====== Task input

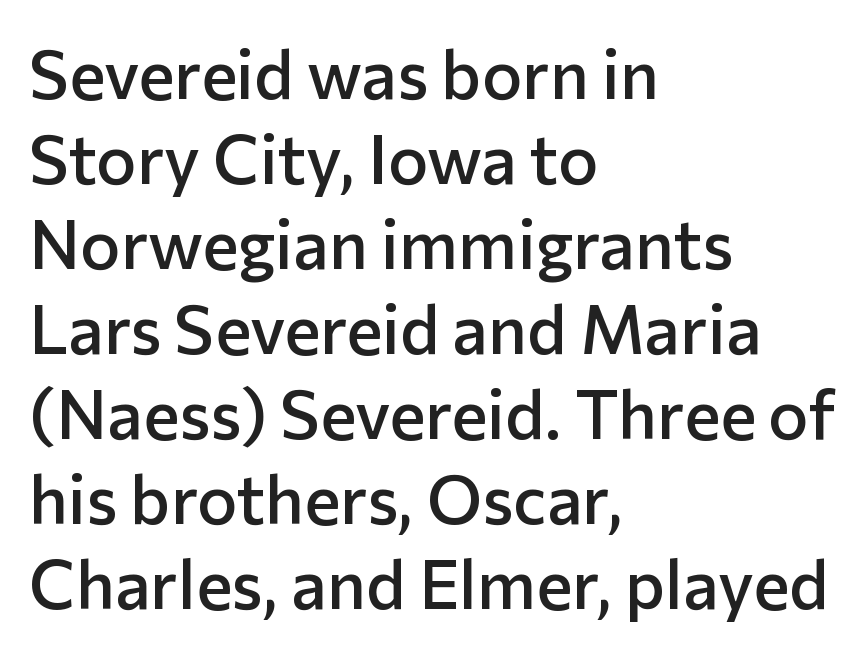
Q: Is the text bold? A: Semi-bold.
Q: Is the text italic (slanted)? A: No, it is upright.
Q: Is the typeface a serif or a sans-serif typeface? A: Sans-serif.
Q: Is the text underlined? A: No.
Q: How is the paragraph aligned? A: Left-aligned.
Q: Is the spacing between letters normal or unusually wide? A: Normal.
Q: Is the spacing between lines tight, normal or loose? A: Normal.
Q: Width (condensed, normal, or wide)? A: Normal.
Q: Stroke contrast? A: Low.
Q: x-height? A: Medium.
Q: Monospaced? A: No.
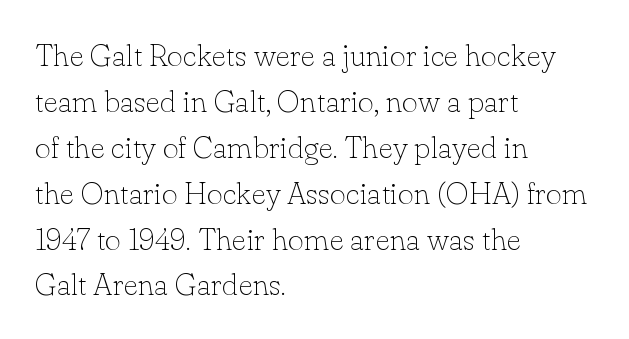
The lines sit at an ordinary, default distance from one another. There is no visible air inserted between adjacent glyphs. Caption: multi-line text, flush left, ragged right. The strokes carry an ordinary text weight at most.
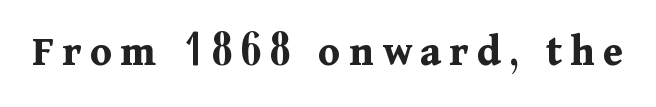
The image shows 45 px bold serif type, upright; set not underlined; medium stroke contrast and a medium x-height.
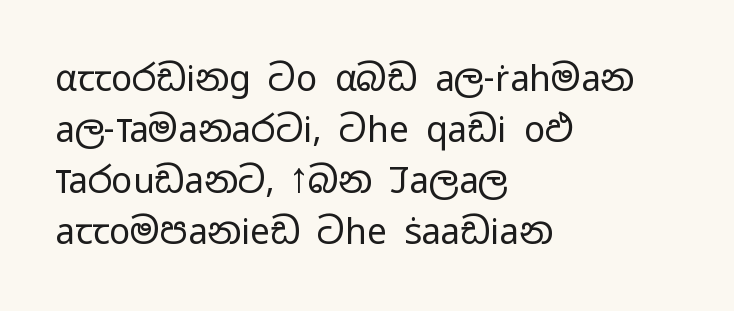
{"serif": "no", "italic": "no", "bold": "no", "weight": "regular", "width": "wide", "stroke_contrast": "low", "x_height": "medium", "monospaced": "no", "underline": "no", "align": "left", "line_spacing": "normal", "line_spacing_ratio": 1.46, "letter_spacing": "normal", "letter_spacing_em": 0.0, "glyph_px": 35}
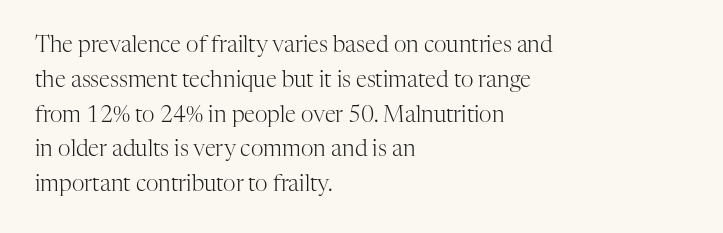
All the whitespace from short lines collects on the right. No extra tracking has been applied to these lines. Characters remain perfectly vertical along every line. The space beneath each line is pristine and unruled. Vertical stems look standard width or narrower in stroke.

============

§ **What to produce**
Report each line of the data in which "serif" occurs.

§ **Result for this exercise**
Q: Is the typeface a serif or a sans-serif typeface? A: Sans-serif.
The image shows 45 px bold serif type, upright; set not underlined; medium stroke contrast and a medium x-height.
{"serif": "no", "italic": "no", "bold": "no", "weight": "regular", "width": "wide", "stroke_contrast": "low", "x_height": "medium", "monospaced": "no", "underline": "no", "align": "left", "line_spacing": "normal", "line_spacing_ratio": 1.46, "letter_spacing": "normal", "letter_spacing_em": 0.0, "glyph_px": 35}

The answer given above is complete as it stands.